Risk of nephrotoxicity with elevated vancomycin doses

There is limited data suggesting a direct causal relationship between toxicity and specific serum vancomycin concentrations[61]. However, targeting vancomycin dosing for trough concentrations of 15-20 mg/L leads to a greater risk of nephrotoxicity[65], especially in those patients who also receive other nephrotoxic drugs[66]. In fact, a vancomycin trough concentration > 15 mg/L has shown to be an independent predictor of nephrotoxicity[67]. In one the studies proving this association, they compared nephrotoxicity (defined in their study as a 25% decrease in creatinine-clearance rate) developed in 59% of the patients treated with vancomycin that achieved trough serum concentrations of 15 mg/L, whereas in only 30% of those achieving lower trough concentrations (P = 0.0006)[68]. Nephrotoxicity is frequently a limiting factor for patients to receive the optimal doses in MRSA infections, even when adjusted by AUC0-24/MIC, and often forces rotation to other less validated antibiotic schemes.


As it has been previously mentioned, glycopeptides, mainly vancomycin has traditionally been the treatment of choice for MRSA infections.

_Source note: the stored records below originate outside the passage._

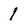
Character: l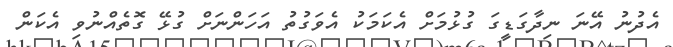
އެދުނު އޭނަ ނިދާގަޑީގަ ގުޅުމަށް އެކަމަކު އެވަގުތު އަހަންނަށް ގުޅޭ ގޮތެއްނުވި އެކަން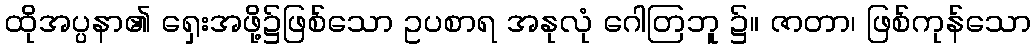
ထိုအပ္ပနာ၏ ရှေးအဖို့၌ဖြစ်သော ဥပစာရ အနုလုံ ဂေါတြဘူ ၌။ ဇာတာ၊ ဖြစ်ကုန်သော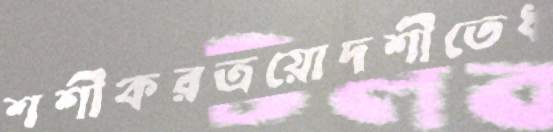
শশীকরত্রয়োদশীতেধ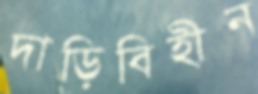
দাড়িবিহীন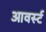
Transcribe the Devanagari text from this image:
आवर्स्ट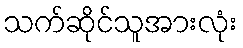
သက်ဆိုင်သူအားလုံး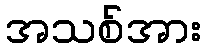
အသစ်အား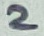
Text: 2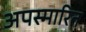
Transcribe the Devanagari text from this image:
अपस्मारित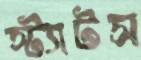
স্ট্যাটস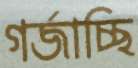
গর্জাচ্ছি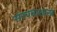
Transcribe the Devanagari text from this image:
संरचनाशास्त्र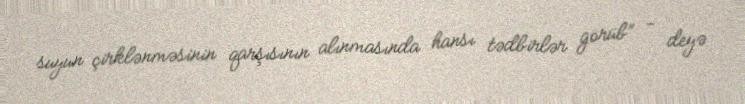
suyun çirklənməsinin qarşısının alınmasında hansı tədbirlər görüb” - deyə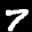
Label: 7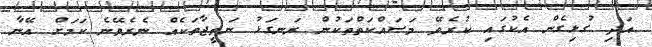
އަދި ގުޅިގެން އެކުގައި ކުރެވޭ މަސައްކަތްތަކުން ރަނގަޅު ނަތީޖާތަކެއް ނެރެވޭނެ ކަމަށް އޭނާ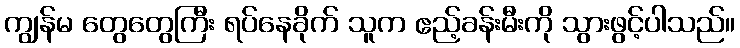
ကျွန်မ တွေတွေကြီး ရပ်နေခိုက် သူက ဧည့်ခန်းမီးကို သွားဖွင့်ပါသည်။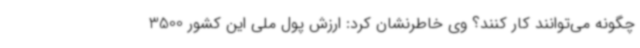
چگونه می‌توانند کار کنند؟ وی خاطرنشان کرد: ارزش پول ملی این کشور 3500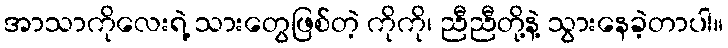
အာသာကိုလေးရဲ့ သားတွေဖြစ်တဲ့ ကိုကို၊ ညီညီတို့နဲ့ သွားနေခဲ့တာပါ။

However, because of the numerous studies declaring worse outcome in MRSA infections with vancomycin MIC > 1.5 μg/mL, even after adjusting trough concentration to higher thresholds (15-20 mg/L)[63,69], confidence in this treatment option has somewhat declined. This is similarly observed in hetero-resistant strains, observing a loss of bactericidal activity (tolerance) to glycopeptides and more frequent treatment failure in hVISA[70]. Infections where hVISA are isolated have been associated with high-inoculum infections, persistent bacteraemia and metastatic complications, however, up to now, there are controversial results regarding the impact on mortality in these patients[71].

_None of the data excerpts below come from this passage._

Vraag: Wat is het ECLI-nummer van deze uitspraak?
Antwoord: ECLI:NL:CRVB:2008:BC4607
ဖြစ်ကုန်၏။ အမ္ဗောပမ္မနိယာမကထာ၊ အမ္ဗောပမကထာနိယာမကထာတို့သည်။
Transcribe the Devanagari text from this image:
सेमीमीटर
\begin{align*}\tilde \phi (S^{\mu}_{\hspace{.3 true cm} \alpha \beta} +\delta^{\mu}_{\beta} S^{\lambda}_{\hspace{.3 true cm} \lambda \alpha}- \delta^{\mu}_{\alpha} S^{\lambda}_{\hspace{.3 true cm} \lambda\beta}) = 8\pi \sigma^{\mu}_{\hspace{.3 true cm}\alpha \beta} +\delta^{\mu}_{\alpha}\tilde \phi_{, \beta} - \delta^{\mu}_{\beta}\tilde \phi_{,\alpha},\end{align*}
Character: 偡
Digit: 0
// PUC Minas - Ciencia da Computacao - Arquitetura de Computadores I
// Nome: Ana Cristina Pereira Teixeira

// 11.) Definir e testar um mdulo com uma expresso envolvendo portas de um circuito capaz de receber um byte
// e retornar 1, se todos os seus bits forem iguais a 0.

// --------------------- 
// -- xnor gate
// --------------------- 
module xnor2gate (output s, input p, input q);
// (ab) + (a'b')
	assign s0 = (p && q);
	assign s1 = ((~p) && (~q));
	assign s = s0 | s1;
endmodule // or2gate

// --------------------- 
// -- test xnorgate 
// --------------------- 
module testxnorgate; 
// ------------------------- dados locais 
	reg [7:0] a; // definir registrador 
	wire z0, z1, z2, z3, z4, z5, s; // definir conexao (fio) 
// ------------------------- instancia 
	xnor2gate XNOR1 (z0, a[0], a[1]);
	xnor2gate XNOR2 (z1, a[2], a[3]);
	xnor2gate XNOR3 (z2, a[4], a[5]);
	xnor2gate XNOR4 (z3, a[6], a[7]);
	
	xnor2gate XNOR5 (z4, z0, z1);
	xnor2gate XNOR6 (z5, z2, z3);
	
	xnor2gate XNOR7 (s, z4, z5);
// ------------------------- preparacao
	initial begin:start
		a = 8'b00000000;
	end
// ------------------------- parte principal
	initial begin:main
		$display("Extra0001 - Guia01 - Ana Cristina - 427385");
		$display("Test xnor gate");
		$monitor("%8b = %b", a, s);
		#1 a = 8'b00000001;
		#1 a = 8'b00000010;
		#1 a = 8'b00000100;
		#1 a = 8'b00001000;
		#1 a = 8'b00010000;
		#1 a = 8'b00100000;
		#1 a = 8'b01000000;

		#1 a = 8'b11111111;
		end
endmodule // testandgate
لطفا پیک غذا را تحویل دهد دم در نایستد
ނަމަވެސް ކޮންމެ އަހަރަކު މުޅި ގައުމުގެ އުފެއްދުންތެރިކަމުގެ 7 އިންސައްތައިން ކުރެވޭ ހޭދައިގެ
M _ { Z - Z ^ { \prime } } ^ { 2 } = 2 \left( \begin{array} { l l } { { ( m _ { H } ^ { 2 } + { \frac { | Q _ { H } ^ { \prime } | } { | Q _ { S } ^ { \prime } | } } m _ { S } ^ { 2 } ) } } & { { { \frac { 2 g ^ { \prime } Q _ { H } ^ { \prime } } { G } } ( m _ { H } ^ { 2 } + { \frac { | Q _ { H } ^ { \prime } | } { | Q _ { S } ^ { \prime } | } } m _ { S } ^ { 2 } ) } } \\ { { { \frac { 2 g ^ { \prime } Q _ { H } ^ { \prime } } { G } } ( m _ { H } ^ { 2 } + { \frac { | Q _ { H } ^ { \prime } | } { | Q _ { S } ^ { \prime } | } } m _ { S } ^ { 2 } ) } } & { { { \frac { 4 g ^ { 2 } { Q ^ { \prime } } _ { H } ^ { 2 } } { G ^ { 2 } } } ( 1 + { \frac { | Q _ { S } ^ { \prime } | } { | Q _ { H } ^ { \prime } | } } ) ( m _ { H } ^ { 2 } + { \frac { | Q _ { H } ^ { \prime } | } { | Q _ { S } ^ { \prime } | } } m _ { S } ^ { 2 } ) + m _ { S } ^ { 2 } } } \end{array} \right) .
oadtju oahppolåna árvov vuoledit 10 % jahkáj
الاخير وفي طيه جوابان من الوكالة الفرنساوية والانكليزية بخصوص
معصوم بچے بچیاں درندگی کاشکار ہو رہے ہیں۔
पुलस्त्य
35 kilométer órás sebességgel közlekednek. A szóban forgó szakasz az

Along these lines, previous studies have declared worse clinical outcomes in S. aureus infections, especially bacteraemia, with decreased vancomycin susceptibility (within VSSA ranges)[60,62,69,72]. These results have been reproduced for VISA and hVISA infections, finding bloodstream infections by these strains were more frequently associated to persistent bacteraemia than those that did not show this phenotype[50]. In another study yet, they observed that MRSA bacteraemia was associated with higher mortality when vancomycin was used empirically, on those cases where vancomycin MIC was > 2 μg/mL[60]. But not all publications corroborate these results, generating further controversy[73-75].

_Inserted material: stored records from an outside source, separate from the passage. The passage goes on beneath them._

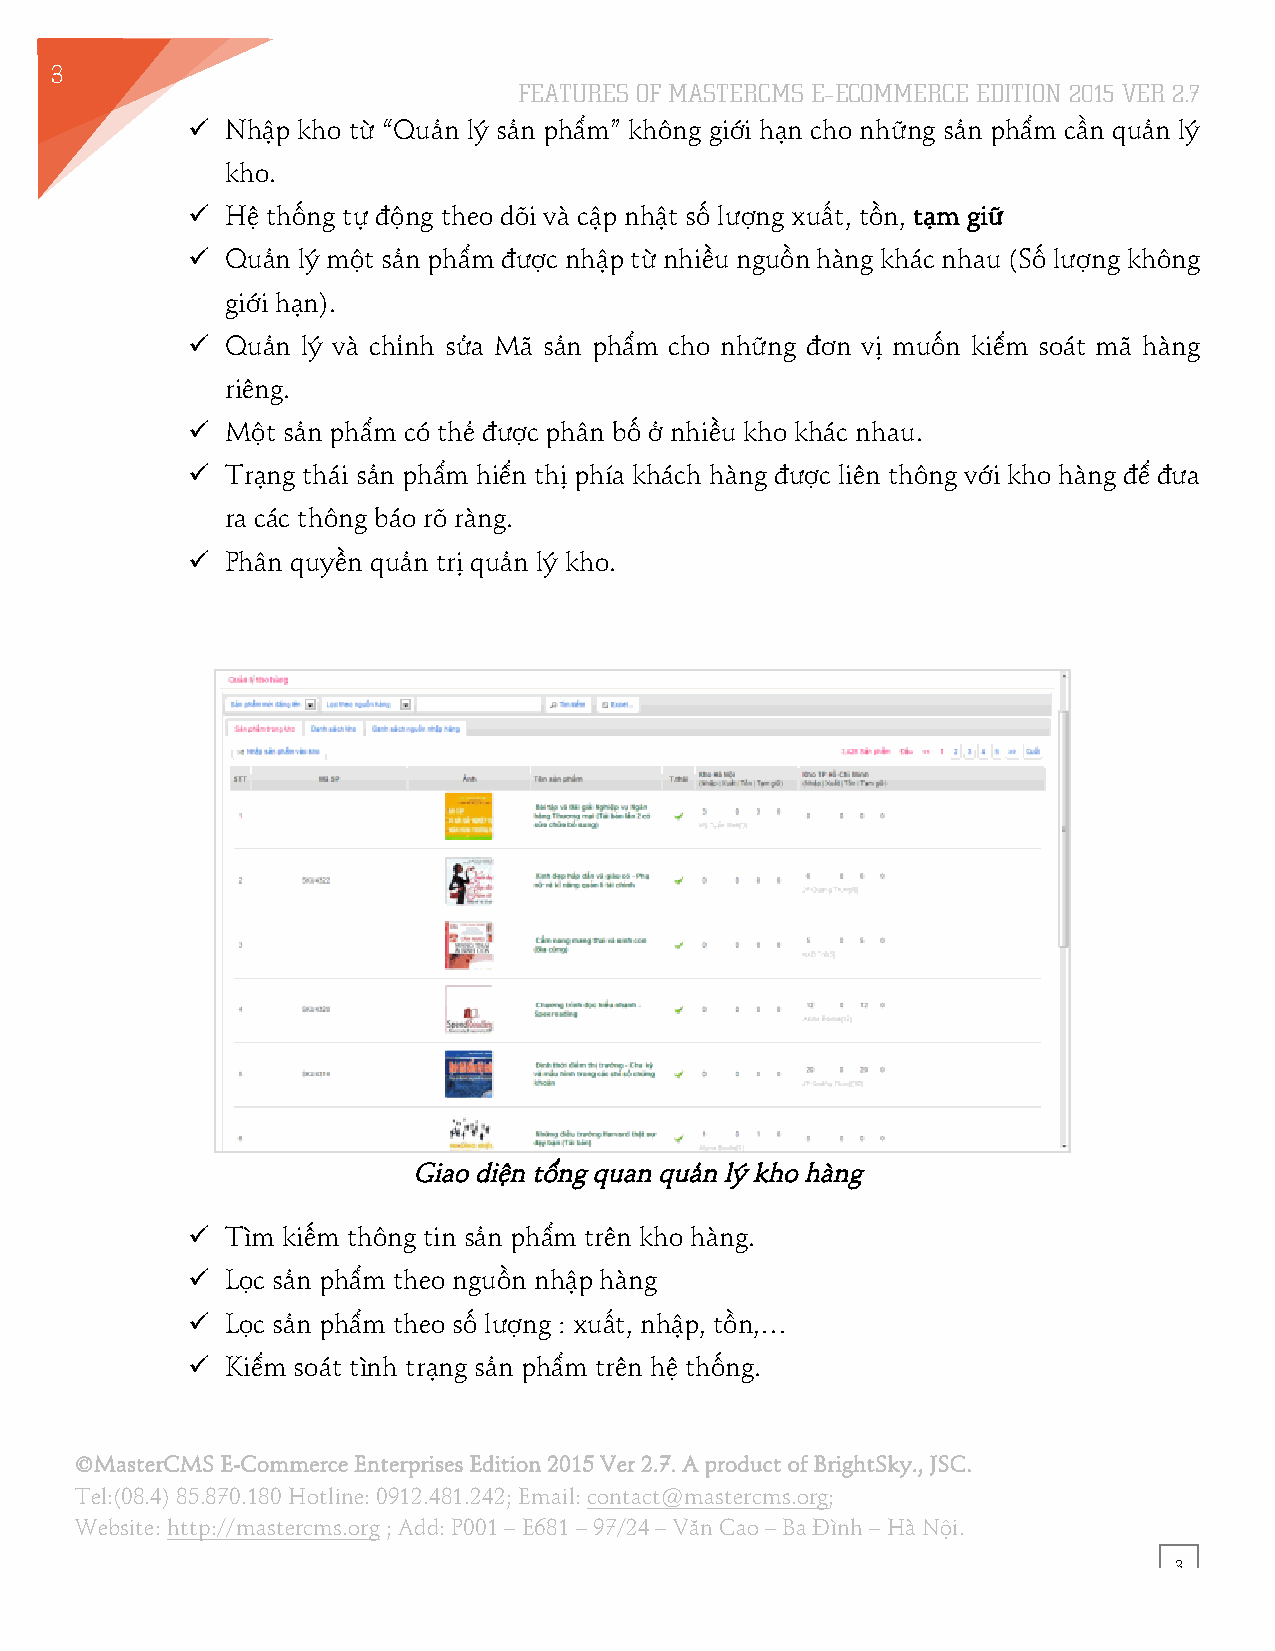
3
 FEATURES OF MASTERCMS E–ECOMMERCE EDITION 2015 VER 2.7
 5
 !! Nhập kho từ “Quản lý sản phẩm” không giới hạn cho những sản phẩm cần quản lý
 kho.
 !! Hệ thống tự động theo dõi và cập nhật số lượng xuất, tồn, tạm giữ
 !! Quản lý một sản phẩm được nhập từ nhiều nguồn hàng khác nhau (Số lượng không
 giới hạn).
 !! Quản lý và chỉnh sửa Mã sản phẩm cho những đơn vị muốn kiểm soát mã hàng
 riêng.
 !! Một sản phẩm có thẻ được phân bố ở nhiều kho khác nhau.
 !! Trạng thái sản phẩm hiển thị phía khách hàng được liên thông với kho hàng để đưa
 ra các thông báo rõ ràng.
 !! Phân quyền quản trị quản lý kho.
 Giao diện tổng quan quản lý kho hàng
 !! Tìm kiếm thông tin sản phẩm trên kho hàng.
 !! Lọc sản phẩm theo nguồn nhập hàng
 !! Lọc sản phẩm theo số lượng : xuất, nhập, tồn,…
 !! Kiểm soát tình trạng sản phẩm trên hệ thống.
 ©MasterCMS E-Commerce Enterprises Edition 2015 Ver 2.7. A product of BrightSky., JSC.
 Tel:(08.4) 85.870.180 Hotline: 0912.481.242; Email: contact@mastercms.org;
 Website: http://mastercms.org ; Add: P001 – E681 – 97/24 – Văn Cao – Ba Đình – Hà Nội.
 3

A recent meta-analysis which included a total of 22 studies[69] studied the impact of a vancomycin MIC ≥ 1.5 µg/mL on the clinical outcome of S. aureus infections. In this meta-analysis they highlighted an association between higher vancomycin MIC in MRSA infections and poorer outcomes (even mortality), regardless of the source of infection or MIC methodology (OR = 1.64; 95%CI: 1.14-2.73, P = 0.01). They described an increased all-cause 30-d mortality in MRSA bloodstream infections with a vancomycin MIC of 2 μg/mL (determined by Etest), however, no mortality differences were detected in isolates with a MIC of 1 μg/mL and 1.5 μg/mL. Treatment failure, defined as persistent bacteraemia, was also more frequently observed in cases of high vancomycin MIC. After these results have been published, other authors have approached this association with discordant conclusions.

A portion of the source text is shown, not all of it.